However, for all the industry discussion regarding SysML, representations, standards, and tools, there remains a great deal of confusion. Understanding SysML notation and drawing SysML diagrams do not equate to doing model-based systems engineering. The use of disjoint models and simulation in systems engineering is also not equivalent to integrated model-based systems engineering.
Effectively moving forward with the transition to model-centric techniques requires that we step back to understand the bigger picture. Diagrams and other representations do not live in isolation but are interrelated and overlapping, communicating key aspects of the system model from specific viewpoints. System architecture and detailed analytical models are not disjoint, nor is there a single grand unified model to capture all dimensions of interest for all systems problems. To move forward, we must embrace the holistic systems perspective and apply it to model-based systems engineering, seeking out the interrelationships and developing a robust toolbox of supporting practices.
In this book, Tim Weilkiens, Jesko Lamm, Stephan Roth, and Markus Walker broaden our vision and expose us to a rich set of perspectives, processes, and methods so that we can develop an effective unified framework for model-based systems architecture.
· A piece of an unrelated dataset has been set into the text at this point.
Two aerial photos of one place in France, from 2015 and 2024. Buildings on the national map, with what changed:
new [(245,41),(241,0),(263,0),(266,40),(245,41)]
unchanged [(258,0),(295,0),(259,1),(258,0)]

Building upon the existing industry library of textbooks on SysML, this book looks beyond the representation to address models, viewpoints, and views as part of a modern approach addressing requirements, behavior, architecture, and more. It connects to a larger framework of processes, methods, and tools key to enabling model-centric practices. And it looks beyond the technical space to the critical cultural dimensions because the transformation to model-centric techniques is far less a technical challenge than one of organizational change. Addressing the broader framework, Tim, Jesko, Stephan, and Markus bring model-centric practices together to help practitioners develop cohesive system architectures – our one chance in the life of a program to manage complexity, develop resilience, and design in critical concerns such as system security.
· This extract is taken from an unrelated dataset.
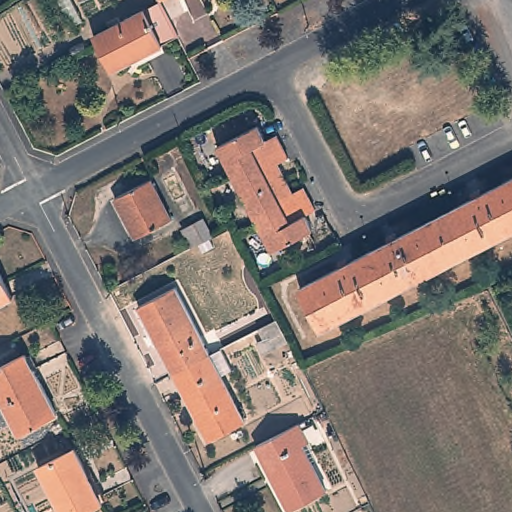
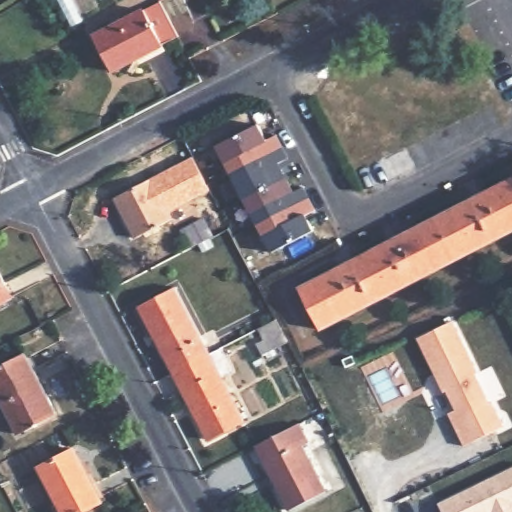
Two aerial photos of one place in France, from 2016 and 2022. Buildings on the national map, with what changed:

There is no doubt that the future of systems engineering is model-based. Document-centric techniques simply are not enough as we grapple with the challenges of today and tomorrow. Those practitioners and organizations who are early adopters in developing a cohesive model-centric framework of processes, methods, and tools will certainly be at a competitive advantage – whether producing products themselves or delivering systems services for others. If, as a profession, we can transform from document-centric to model-based systems engineering and do so with the vision of enabling model-based engineering, we can help transform the larger product lifecycle delivering radical improvements in quality, cost, and time to market for the benefit of all.
David Long President, Vitech Corporation INCOSE President (2014 and 2015)
Reacting to market needs on time with systems of high quality and marketable costs is a strong competitive advantage. Once a market need has been identified, multiple disciplines are involved in developing a system toward it. They need to collaborate closely and each according to a precise understanding of the own contribution to the system development. Effective communication and the creation of understanding for the whole system of interest are keys for the success. Organizations are facing a more and more dynamic environment, and at the same time, an increasing organizational complexity of distributed teams and stakeholders, and an increasing technical complexity of more heterogeneous relationships between system components and their environment. This context requests an explicit and sustainable system architecture.
Each of the engineering disciplines contributing to system development needs specific views for obtaining the needed insight. System models enable the creation of consistent sets of stakeholder-specific views. People using them gain a fast and comprehensible understanding of the system they are developing, which can help them choose appropriate solutions for fulfilling the market needs. All the views look on the same data baseline. There is no effort to consolidate redundant data or to clarify misunderstandings of inconsistent information and the costs of resulted errors.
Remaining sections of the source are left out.